Fredonia Shakespeare Club hears paper: Lech Walesa

Lucy Richardson

The tenth meeting of the Fredonia Shakespeare Club was held on Jan. 9, hosted by Mary Jane Walker. President Lucille Richardson welcomed 12 members.

Priscilla Bernatz read the minutes from the Dec. 12 meeting. The minutes were as written.

The Club’s area of study this year is Nobel Prize Winners. President Richardson read her paper “Nobel Peace Prize 1983 “ which is summarized as follows:

It was by no accident of chance that Lech Walesa was accorded the international community’s most prestigious honor, winning out over 79 other nominees. In reviewing the factors that led to his selection.

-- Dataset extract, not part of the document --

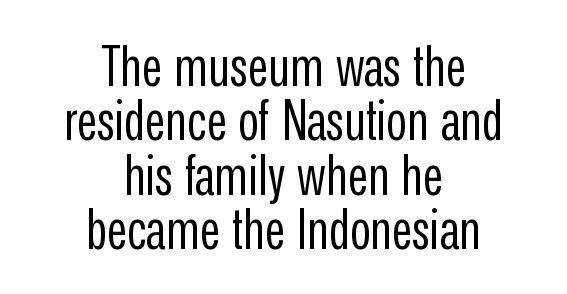
The image shows 56 px regular-weight, condensed sans-serif type, upright; set centered, tight line spacing (0.97x), normal letter spacing, not underlined; low stroke contrast and a medium x-height.

Richardson provided a comprehensive perspective of that critical time period in Eastern Europe (1970-1983) prior to his selection.

In viewing the primary reasons for his Nobel prize award, we are struck by Walesa’s ‘stunning capacity for leadership, one that would result not only in his having founded and provided the long term leadership of the first independent labor union “Solidarity” behind the “Iron Curtain,” (he would subsequently succeed to the presidency of Poland from 1990-1995) but his leadership of this labor union, such an inspiring example to other countries under Soviet domination, would prove to be TRANSFORMATIONAL. It would be responsible for an unprecedented nation-wide working class movement, a revolution which drew from all skilled professions, one involving virtually 1/3 of the working population of Poland. In its prolonged efforts for economic, social and governmental reforms, it led not only to the fall of Communism in Eastern Europe (in 1991 with Mikhail Gorbachev’s rise to power), but to its transition to democracy.

In the course of her detailed discussion of the “Historical Timeline of the Evolution and Founding of “Solidarity,” presented to all members in hand-out form, Richardson highlighted not only his role in almost every aspect of Poland’s union activism, his having been a delegate to if not the chairman of the many Workers” Committees or Councils that were established to progressively increase their rights, but she also emphasized the strategies that Walesa used to accomplish these goals, their being consistently based upon negotiation and non-violent resistance. They were just those that were required of any Nobel Peace Prize candidacy, having consisted of peaceful resistance in the form of strikes — those that could not fail to get the full attention of the authorities.

As strike after strike took place after the bloody government crack-down in the Gdansk shipyards in 1970 — demonstrations that were instigated against flagrantly abusive working conditions — what followed consisted of a periodic series of high level negotiations with the communist authorities. It amounted to an almost continuous “battle of wills,” a strategy of BRINKSMANSHIP with each side assessing just how far it could go without losing control — the type of risk vs. reward strategies that could have the most unintended consequences. Although some progress had been made in regard to workers’ economic, legal, and human rights (gaining leverage due to strike activity), the government all too often did not negotiate in good faith and reneged on its promises . . . Offended by this gross lack of transparency, Walesa, at great risk to his economic well-being in contesting them — but true to his strength of character — was therefore fired (duplicating that which had already occurred on two previous occasions). During this intervening period, Walesa found himself not only under constant surveillance but periodic 48-hour arrest.

As tensions reached a high point in 1980 with a broad range of massive protests and demonstrations, Walesa was instrumental in negotiating the “Gdansk Accords” with the government in August of that year — thus officially signaling the founding of “Solidarity,” an autonomous union with a nation-wide governing body. Elected president of this ground-breaking organization and emboldened by its progress, Walesa then agitated for additional much needed labor reform. Sensing a break-through, he continued to seek further negotiations that would assure free general elections on a local and national level and greater personal freedoms.

The communist government, in sensing that it was in the process of losing control, invented a conspiracy theory — namely that Solidarity militants were seeking to overthrow the government. Believing that it now had no other choice, it imposed “martial law” in December 1981. All of Solidarity’s leadership were arrested including Walesa. After having served an 11 month sentence, he was released in November 1982 . . .

From that point onward, the communist government, finding itself in great duress due to a severe economic downturn and with its power consequently much diminished, lifted martial law, allowed Walesa to resume his employment at the Gdansk shipyards and it subsequently reinstated “Solidarity.”

The crowning glory of this entire effort to assure human rights (accompanied by its long term cost in a national upheaval that began in 1970) was reflected in the election of the movement’s indispensable, charismatic leader, Lech Walesa, to this most esteemed international organization.

Karin Cockman assisted at the tea table.

The next meeting of the Club will be hosted by Barbara Albert when Judi Lutz-Woods will read her paper Nobel Peace Prize 1946.